Nick psyched for rappelling off of more shitty anchors... you don't want to know where that cord goes.

Nick on another gully rap with plenty of choss.

This is the anchor from which we rappelled over the bergschrund, definitely not guide certified. Here I have it backed up with a cam while Nick raps. The large nut is behind the red biner.

Getting ready to rap over the schrund.

Me rappelling through overhanging icicles on the schrund. Photo by Nick Mestre

We pulled the rope and hiked down to our tents at the crevasse. Josh and Chris had been waiting for us for a couple of hours due to the stuck rope and extra anchor building shenanigans. Despite having started for the summit at 4am it had taken us nearly 12 hours to climb and descend. We packed up camp and began the long slog down the Upper Bravo Glacier.

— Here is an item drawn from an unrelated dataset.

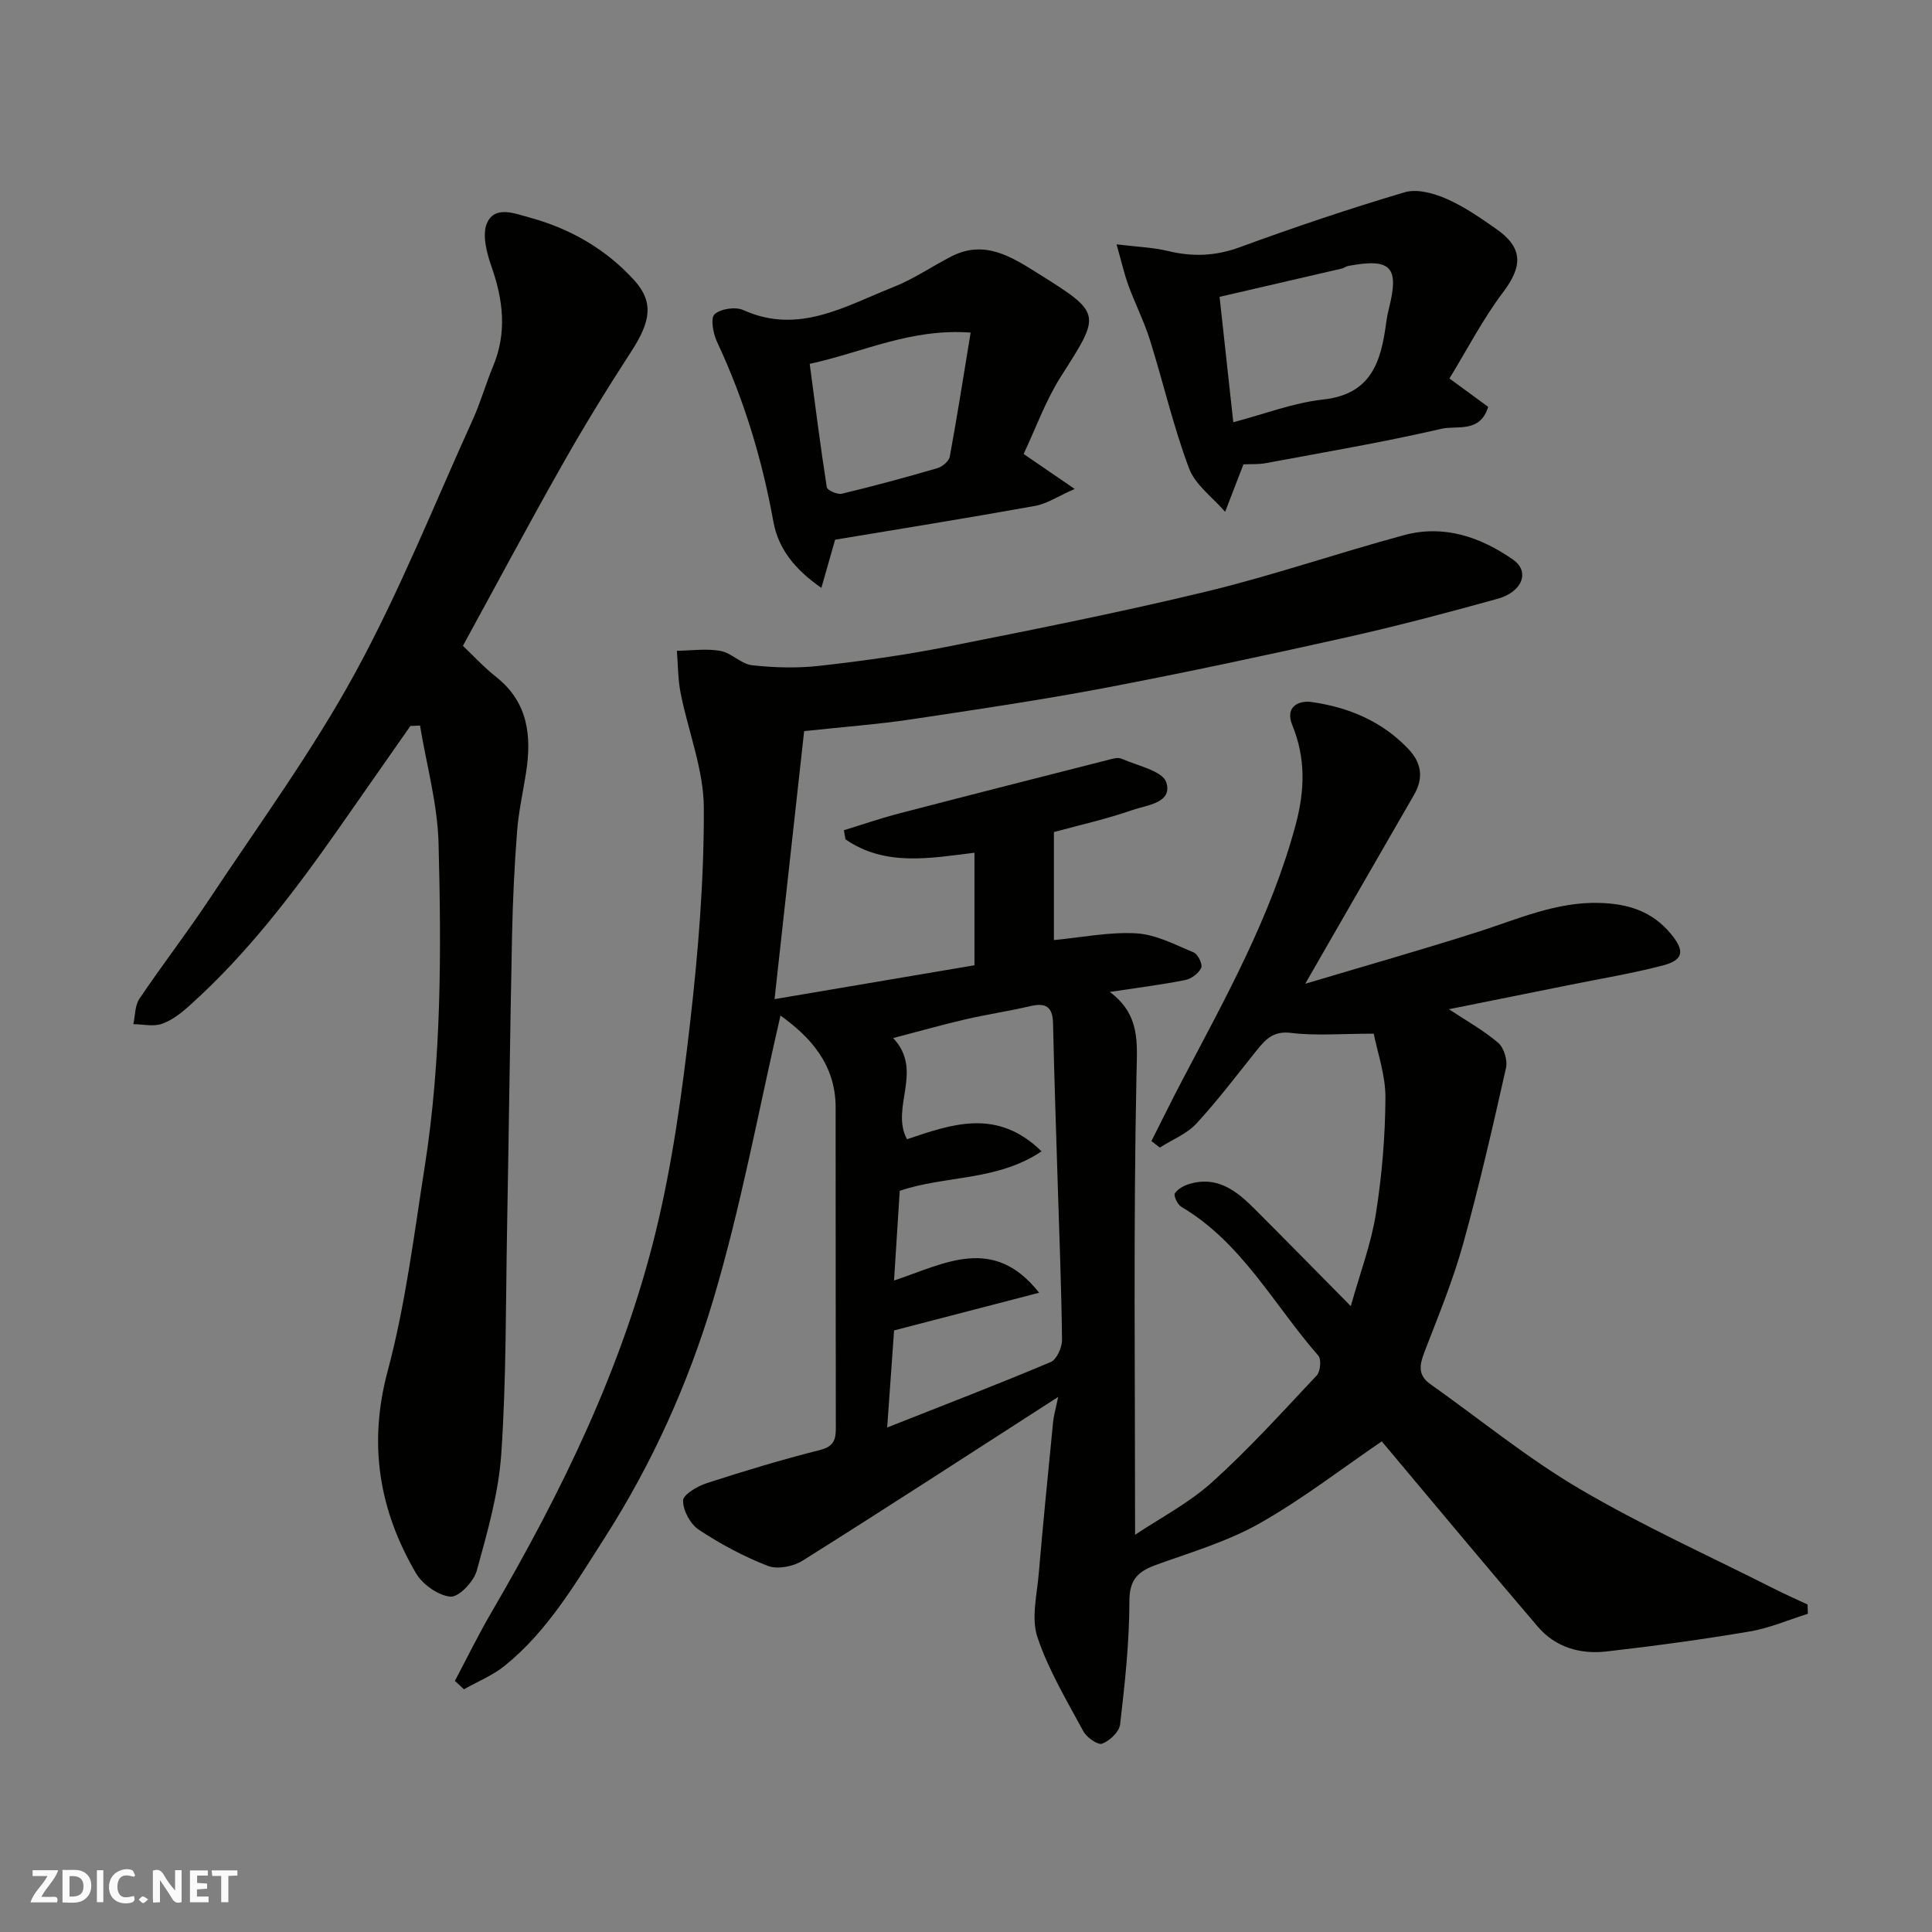 <svg enable-background="new 0 0 400 400" viewBox="0 0 400 400" xmlns="http://www.w3.org/2000/svg"><rect x="0" y="0" width="400" height="400" fill="#808080" stroke="none"/><g fill="#fafafb"><path d="m37.59 393.81c-.92.31-1.52.05-2-.78-.7-1.2-1.52-2.34-2.47-3.78v4.59c-.55.03-.95.05-1.41.07-.03-.37-.06-.64-.06-.91 0-1.91 0-3.81 0-5.7 1.13-.41 1.77-.03 2.29.91.62 1.11 1.38 2.14 2.31 3.19v-4.2h1.35v6.61z"/><path d="m12.94 393.88v-6.75c1.9.19 3.93-.54 5.37 1.29.8 1.01.78 2.88.03 3.97-1.37 1.97-3.4 1.51-5.4 1.49m1.45-1.22c2.04.12 2.92-.58 2.89-2.21-.03-1.51-.98-2.19-2.89-2z"/><path d="m11.81 393.87h-5.49c.68-2.18 2.47-3.48 3.51-5.45h-3.08v-1.21h5.29c-.71 2.13-2.44 3.48-3.47 5.51.86 0 1.63.04 2.39-.01.79-.05 1.14.21.85 1.16"/><path d="m39.33 393.86v-6.61h3.7v1.07h-2.22v1.52c.68.04 1.34.09 2.07.13v1.07c-.72.05-1.38.09-2.1.14v1.48h2.4v1.19h-3.85z"/><path d="m27.71 388.56c-1.15-.3-2.46-.61-3.1.64-.37.73-.41 1.93-.06 2.67.63 1.35 1.99.93 3.17.68.35.94-.01 1.32-.93 1.46-1.62.25-3.05-.27-3.76-1.48-.73-1.24-.6-3.03.31-4.17.88-1.11 2.71-1.7 4-1.16.32.13.44.74.65 1.12-.1.08-.19.16-.28.24"/><path d="m49.15 387.24v1.07c-.59.02-1.17.05-1.87.08v5.44h-1.48v-5.44h-1.85c-.05-.4-.08-.73-.13-1.15z"/><path d="m20.06 387.21h1.33v6.62h-1.33z"/><path d="m30.68 393.25c-.49.38-.8.79-1.05.76-.32-.05-.6-.45-.9-.7.26-.24.51-.64.8-.67.29-.04.62.3 1.15.61"/></g><path d="m166.49 151.37c-2.02 18.24-4.05 36.59-6.13 55.49 14.37-2.43 27.77-4.7 41.39-7.01 0-7.79 0-15.4 0-23.3-9.13 1.11-18.44 2.92-26.7-2.77-.11-.63-.23-1.26-.34-1.89 3.86-1.18 7.68-2.5 11.58-3.51 14.32-3.73 28.67-7.37 43.01-11.02.95-.24 2.13-.63 2.9-.28 3.3 1.46 8.54 2.53 9.28 4.93 1.32 4.25-4.06 4.66-7.03 5.7-5.32 1.86-10.86 3.09-16.25 4.56v22.36c5.83-.55 11.51-1.72 17.09-1.39 4.03.24 8.01 2.35 11.87 3.96.87.37 1.88 2.49 1.54 3.19-.55 1.14-2.05 2.27-3.33 2.52-4.88.97-9.84 1.59-15.6 2.46 6.3 4.71 5.67 10.39 5.53 16.98-.66 31.58-.29 63.18-.29 95.41 5.14-3.44 11.1-6.53 15.93-10.88 7.66-6.9 14.61-14.6 21.68-22.12.76-.81.98-3.33.33-4.08-9.2-10.5-15.81-23.41-28.38-30.83-.78-.46-1.63-2.31-1.33-2.78.62-.94 1.93-1.63 3.09-1.97 5.66-1.66 9.64 1.41 13.29 5.06 6.48 6.47 12.88 13.02 20.05 20.26 1.91-6.84 4.19-12.83 5.18-19.04 1.26-7.94 1.94-16.03 1.99-24.07.03-4.68-1.65-9.38-2.42-13.3-6.72 0-12 .47-17.15-.16-3.64-.45-5.24 1.34-7.07 3.6-4.11 5.11-8.06 10.37-12.5 15.17-1.99 2.15-5.01 3.34-7.57 4.97-.58-.45-1.16-.89-1.74-1.34 2.09-4.14 4.13-8.3 6.28-12.4 9.03-17.18 18.5-34.12 23.59-53.12 1.92-7.18 2.06-13.81-.68-20.53-1.73-4.23 1.75-5.16 3.85-4.87 7.69 1.07 14.74 3.97 20.23 9.82 2.69 2.87 3.09 5.99 1.08 9.45-7.25 12.54-14.47 25.11-22.51 39.08 12.76-3.81 24.36-7.1 35.84-10.77 8.23-2.63 16.16-6.23 25.1-5.97 5.86.17 10.88 1.69 14.78 6.42 2.87 3.48 2.71 5.4-1.78 6.56-6.29 1.63-12.72 2.69-19.09 3.98-8.45 1.71-16.91 3.4-25.1 5.05 3.46 2.29 7.09 4.3 10.2 6.95 1.2 1.02 1.98 3.63 1.62 5.22-2.75 12.21-5.54 24.42-8.89 36.47-2.09 7.5-5.07 14.75-7.88 22.03-1.04 2.71-1.71 4.95 1.11 6.95 10.26 7.26 20.05 15.3 30.84 21.65 13.03 7.66 26.89 13.91 40.41 20.75 2.25 1.14 4.56 2.16 6.85 3.23.02.64.04 1.28.06 1.92-4.01 1.25-7.95 2.97-12.05 3.66-9.84 1.66-19.74 3.01-29.65 4.14-5.42.62-10.56-.86-14.21-5.13-11.09-12.97-22-26.1-32.31-38.37-8.28 5.64-16.42 11.96-25.3 16.98-6.59 3.73-14.07 5.94-21.26 8.53-3.75 1.35-5.69 2.92-5.69 7.54 0 8.52-.94 17.06-1.92 25.54-.17 1.53-2.15 3.4-3.72 4-.88.34-3.21-1.29-3.89-2.56-3.44-6.38-7.25-12.71-9.52-19.52-1.3-3.91-.09-8.72.28-13.1.89-10.47 1.95-20.93 2.97-31.39.12-1.27.49-2.51 1.05-5.22-18.19 11.71-35.47 22.94-52.91 33.9-1.93 1.21-5.2 1.86-7.2 1.08-4.99-1.93-9.8-4.53-14.28-7.48-1.76-1.16-3.28-3.98-3.27-6.03.01-1.25 2.98-3 4.91-3.62 7.73-2.51 15.52-4.86 23.39-6.85 2.78-.7 3.33-2 3.33-4.47-.05-22.16-.02-44.33-.04-66.49-.01-9.14-5.57-14.8-11.42-19-4.5 19.42-8.14 39.45-13.92 58.84-5.16 17.29-12.62 33.88-22.45 49.24-6.08 9.49-11.77 19.28-20.67 26.5-2.5 2.03-5.64 3.29-8.49 4.91-.63-.58-1.25-1.16-1.88-1.74 2.51-4.73 4.86-9.56 7.56-14.18 14.51-24.87 27.13-50.64 34-78.71 3.48-14.23 5.48-28.9 7.15-43.48 1.69-14.72 2.89-29.58 2.83-44.38-.03-7.93-3.24-15.84-4.81-23.79-.56-2.85-.53-5.82-.77-8.73 3.01-.04 6.1-.5 9 .02 2.3.41 4.3 2.72 6.57 2.97 4.61.51 9.37.64 13.97.12 8.76-.98 17.53-2.2 26.18-3.91 18.05-3.58 36.12-7.17 54-11.49 13.74-3.32 27.15-7.96 40.81-11.65 8.25-2.23 15.84.35 22.61 5.08 3.5 2.45 1.94 6.66-3.21 8.09-10.34 2.87-20.72 5.62-31.18 7.96-16.53 3.7-33.1 7.25-49.74 10.42-13.47 2.56-27.04 4.57-40.6 6.6-6.86 1.02-13.75 1.53-22.06 2.42zm17.19 144.18c11.93-4.72 22.97-8.96 33.87-13.56 1.24-.52 2.35-3.04 2.33-4.61-.12-10.76-.56-21.52-.89-32.28-.34-11.09-.73-22.18-.97-33.27-.08-3.49-1.59-4.25-4.76-3.51-4.43 1.04-8.96 1.7-13.4 2.73-4.93 1.15-9.8 2.53-14.94 3.87 6.41 6.8-.66 14.34 2.86 20.95 9.14-3.06 18.62-6.58 27.86 2.5-9.19 6.2-19.98 4.97-29.36 8.18-.39 6.15-.77 12.17-1.18 18.57 10.37-3.44 20.55-9.55 30.04 2.53-9.96 2.59-19.93 5.17-30.03 7.8-.45 6.45-.9 12.81-1.43 20.1z" fill="#010100"/><path d="m84.97 150.3c-4.94 7.08-9.88 14.16-14.84 21.23-9.23 13.16-18.91 25.94-30.95 36.72-1.68 1.51-3.6 3.01-5.68 3.73-1.76.61-3.91.08-5.89.06.39-1.77.31-3.85 1.25-5.25 4.74-7.04 9.95-13.77 14.63-20.84 10.18-15.36 21.13-30.33 29.94-46.45 9.28-16.96 16.48-35.07 24.49-52.71 1.61-3.55 2.66-7.34 4.16-10.94 2.89-6.92 2.13-13.63-.28-20.53-1.02-2.9-2.06-6.79-.93-9.23 1.67-3.61 5.87-1.84 8.88-1.02 8.35 2.27 15.73 6.55 21.53 12.92 4.16 4.56 3.41 8.61-.54 14.71-4.97 7.66-9.76 15.44-14.25 23.38-6.91 12.2-13.51 24.58-20.65 37.63 2.08 1.97 4.32 4.42 6.89 6.45 6.62 5.25 7.37 12.21 6.18 19.83-.63 4.03-1.54 8.04-1.85 12.1-.55 7.08-.89 14.19-1.04 21.29-.42 20.43-.67 40.86-1.04 61.28-.28 15.43-.15 30.89-1.19 46.27-.55 8.19-2.89 16.32-5.09 24.29-.62 2.24-3.74 5.51-5.44 5.35-2.56-.24-5.79-2.54-7.16-4.89-7.62-13.06-9.9-26.69-5.83-41.85 3.7-13.8 5.44-28.16 7.67-42.33 3.48-22.16 3.44-44.54 2.86-66.87-.21-8.17-2.5-16.28-3.84-24.42-.65.05-1.32.07-1.99.09z" fill="#010100"/><path d="m172.9 111.74c-1.1 3.87-1.88 6.6-2.84 9.97-5.54-3.84-8.93-8.1-9.95-13.76-2.33-12.9-6.09-25.3-11.66-37.18-.8-1.71-1.39-4.89-.51-5.7 1.25-1.15 4.33-1.61 5.96-.87 11.45 5.16 21.1-.84 31.01-4.74 4.22-1.66 8.05-4.32 12.12-6.4 6.93-3.54 12.64.27 18.04 3.65 13.15 8.23 12.85 8.26 4.6 21.21-3.19 5.01-5.22 10.76-7.74 16.07 3.38 2.32 6.31 4.33 10.57 7.24-3.5 1.54-5.75 3.07-8.19 3.51-13.95 2.51-27.94 4.76-41.41 7zm-5.26-36.41c1.17 8.74 2.22 17.16 3.54 25.54.1.63 2.19 1.57 3.11 1.35 6.64-1.59 13.23-3.38 19.78-5.29 1.03-.3 2.39-1.44 2.57-2.38 1.53-8.31 2.84-16.67 4.32-25.69-12.48-.92-22.34 4.11-33.32 6.47z" fill="#010100"/><path d="m257.44 96.14c-1.38 3.58-2.59 6.7-3.79 9.83-2.56-2.98-6.18-5.56-7.48-9.02-3.24-8.63-5.31-17.69-8.07-26.51-1.21-3.86-3.07-7.52-4.47-11.33-.87-2.38-1.42-4.88-2.46-8.52 4.32.53 7.56.63 10.65 1.38 5.09 1.23 9.83 1.06 14.85-.78 11.26-4.13 22.65-7.97 34.14-11.38 2.55-.76 6.01.19 8.62 1.33 3.69 1.61 7.1 3.98 10.42 6.31 5.53 3.89 5.39 7.7 1.36 13.04-4.24 5.62-7.51 11.98-11.12 17.87 3.34 2.44 5.67 4.15 8.02 5.87-1.67 5.5-6.5 3.81-9.65 4.54-12.04 2.79-24.24 4.85-36.4 7.12-1.43.28-2.94.17-4.62.25zm-2.1-8.72c6.39-1.68 12.4-4.02 18.58-4.7 10.07-1.09 12.01-7.93 13.08-15.93.13-.97.31-1.93.55-2.88 2.2-8.67.45-10.51-8.41-8.85-.47.09-.9.44-1.37.55-8.39 1.95-16.78 3.89-25.27 5.85.92 8.41 1.84 16.83 2.84 25.96z" fill="#010100"/></svg>

As it turned out, our timing was both perfect and terrible: we reached the top of the Bravo Ice Fall just as it got dark. We broke out the headlamps and began rappelling through the rock band and then over the first crevasse. Unfortunately the intense sun had melted away most of our tracks from the day before, making route finding through the steep maze of seracs and crevasses by headlamp an exercise in patience. Eventually we found each of the crevasses that we had climbed out of and built snow bollards to rappel back down them. Sometime after midnight we arrived back at Rainy Knob, ate some food and fell asleep.

The next day we hiked back across the Tiedemann Glacier to Sunny Knob and radioed White Saddle. The helicopter would pick us up at 7pm that evening. We had just enough time to cook all our remaining pork shoulder, eat it, and pack up camp. Less than an hour before the chopper was scheduled to arrive Nick was double checking camp and reminded Chris and Josh that they had left a trash bag of food in the snow bank. Chris and Josh said that it definitely wasn't theirs so we opened it up. Inside were three six-packs of canned craft beer. When the chopper crested the Serras we were still chugging the first round. Minutes later we were loaded up and taking off. We circled around the Tiedemann Glacier one last time and flew over the Upper Tellot on our way out of the range. That night we camped on grass, surrounded by trees, next to a beautiful lake. We drank more of the beers, went swimming and watched the sunset reflected in the water. I don't believe that life can get much better than that.

The summit of Waddington getting some cloud as we head down to the crevasse camp after rapping off.

Myself on the descent down the Upper Bravo. Photo by Nick Mestre.

Josh and Chris descending the Upper Bravo with Waddington behind. Photo by Nick Mestre.

Nick tired but psyched for some snow bollard rappelling by headlamp.

Chris and Josh cooking up food at base camp on Sunny Knob on our last day in the range.
The sunset at Bluff Lake where we camped the night after flying out of the mountains.